Prior to last week, I can only recall calling a family meeting once. Individually, each of us brainstormed a list of what we thought ought to be enshrined as “family rules,” shared the same with the members of our family, and then consolidated and adopted the ones that we not only believed were important but also those which we deemed would meet with success. That contractual agreement hangs on the wall of our kitchen, a reminder of our commitment to living together harmoniously. (Incidentally, I noticed that my spouse’s signature is absent from the page.)

I texted my spouse and four children that an all-caps FAMILY MEETING would be happening, I surmised that they all suspected that something was amiss. Suspicions were confirmed when my spouse, trained as a mental health counselor and uniquely skilled at framing difficult discussions with ease and open-mindedness, outlined the current issues. The primary one being the general ennui and lethargy exhibited by our four teenagers to meaningfully contribute to the management and maintenance of our shared home.

The impetus to call a family meeting stemmed from the failure to meet expectations, which rested on everyone’s shoulders, and the failure to understand what our four teenagers expect from their parents, which rested mostly their mother’s.

I asked my children for help in understanding their needs and desires with the simple inquiry of “I would appreciate knowing what you expect of me,” because I had come to my very last straw in trying to accurately guess. I explained that my call for a family meeting was my last ditch effort to not end up with a broken back.

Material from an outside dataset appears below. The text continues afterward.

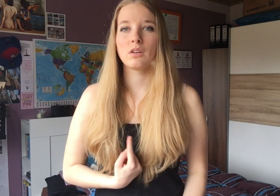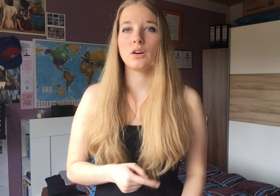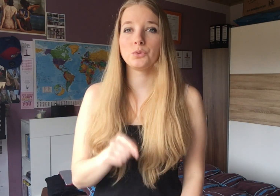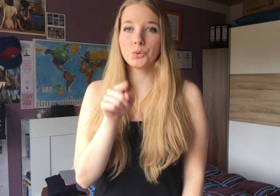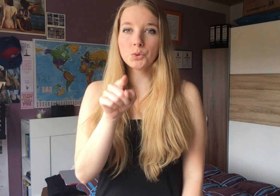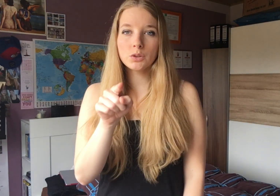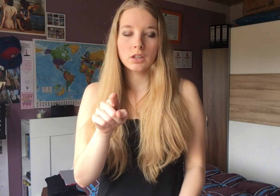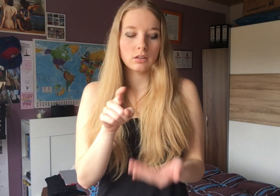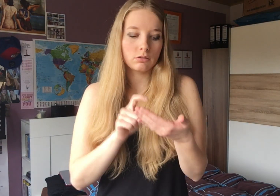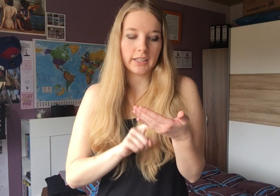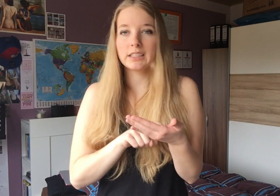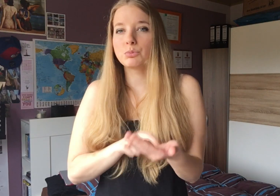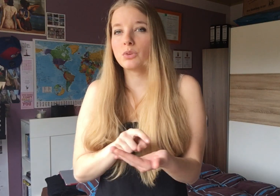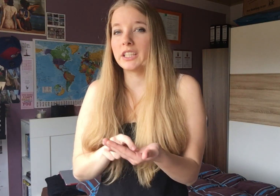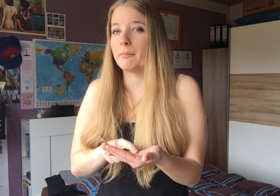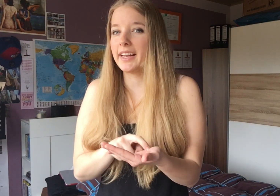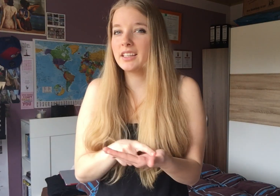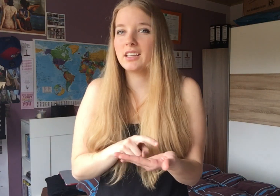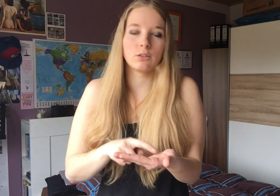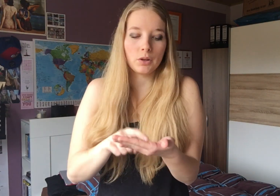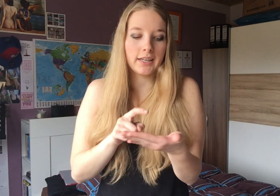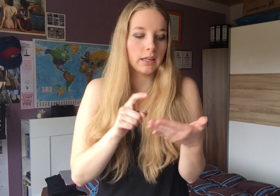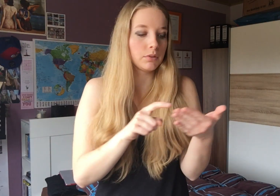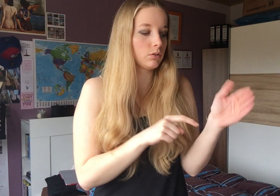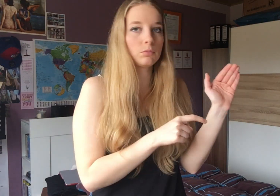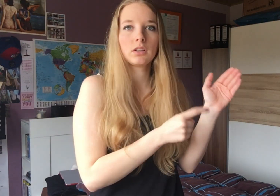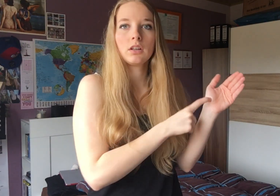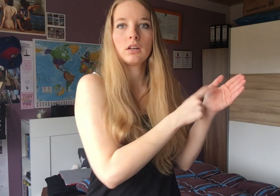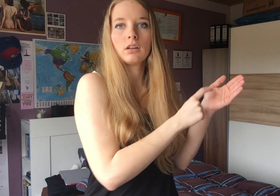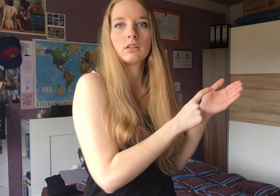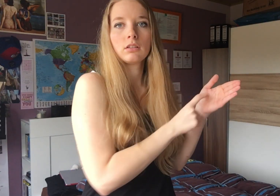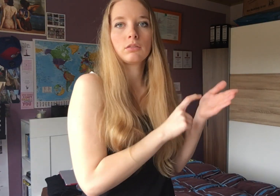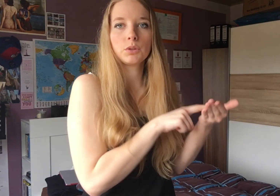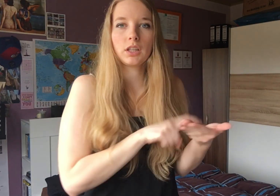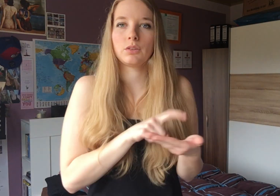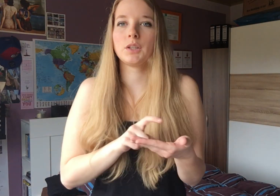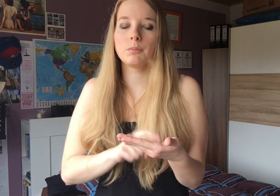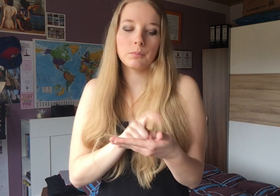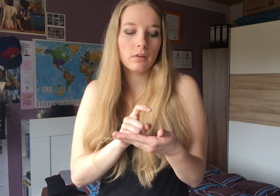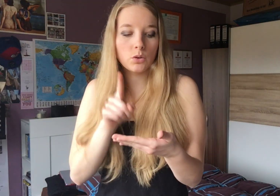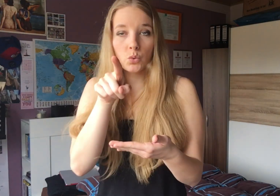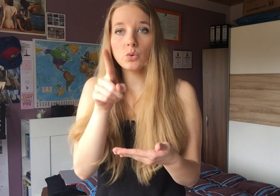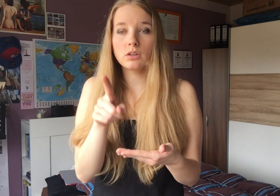Also du, sozusagen zippst nur an deinem Handy, also Handy habe ich jetzt so, wirst du halt so zippen. Du.

A decade ago, when my children were 9, 7, 5, and 3, I had a very clear sense of what they expected of me. It was clear because they were constantly making demands on me.  Although most were age-appropriate, reasonable demands, the occasional unreasonable ones were uttered as well. My children all know, and have perennially known, that my preference is to say “yes” to their requests. So they have, over the course of their childhoods, filtered out the ones that they might have anticipated would end in a “no.”

But now, with them at 19, 17, 15, and 13, I’m at a loss. Admitting to my present parenting ineptitude was easier than I expected; hearing their commentary about the same was harder that I wanted.

The strain of listening to past gripes and future fatalism forced me to step away, in something of a juvenile fashion, from the table and march out the door. An hour later, when I sheepishly returned home, the five of them were still participating in the family meeting and a quick surge of jealously shot through me. What had I missed? Did they come to terms with the current crisis? Am I the crisis?

I didn’t ask to rejoin them. I went to bed.

It took a cooling-off period of 72 hours for me to send out a call (yes, via text and in all-caps) for a continuation of our family meeting. In my invitation, I attached a video about trust and requested they watch it prior to reconvening. The ideas Brene Brown expressed in this video served as a wonderful launch pad into the meaningful discussion that I wanted to have earlier in the week. Over the course of a couple of hours, each of us had an opportunity to be heard and to really listen. While we did not enter into any written agreement relative to our expectations of one another, we probably didn’t have to: our family rules, drafted years ago, still applied.

Throughout our family’s life together, we’ve always eaten dinner together. If you are in the house at dinnertime, you are at the table, engaged in talking, and committed to listening. So, it’s fair to say that we have a daily family meeting, though with far less serious subject-matter, but there is always the space to learn and reflect if something, like “what exactly do you need from me,” comes up in the future. I image that it will.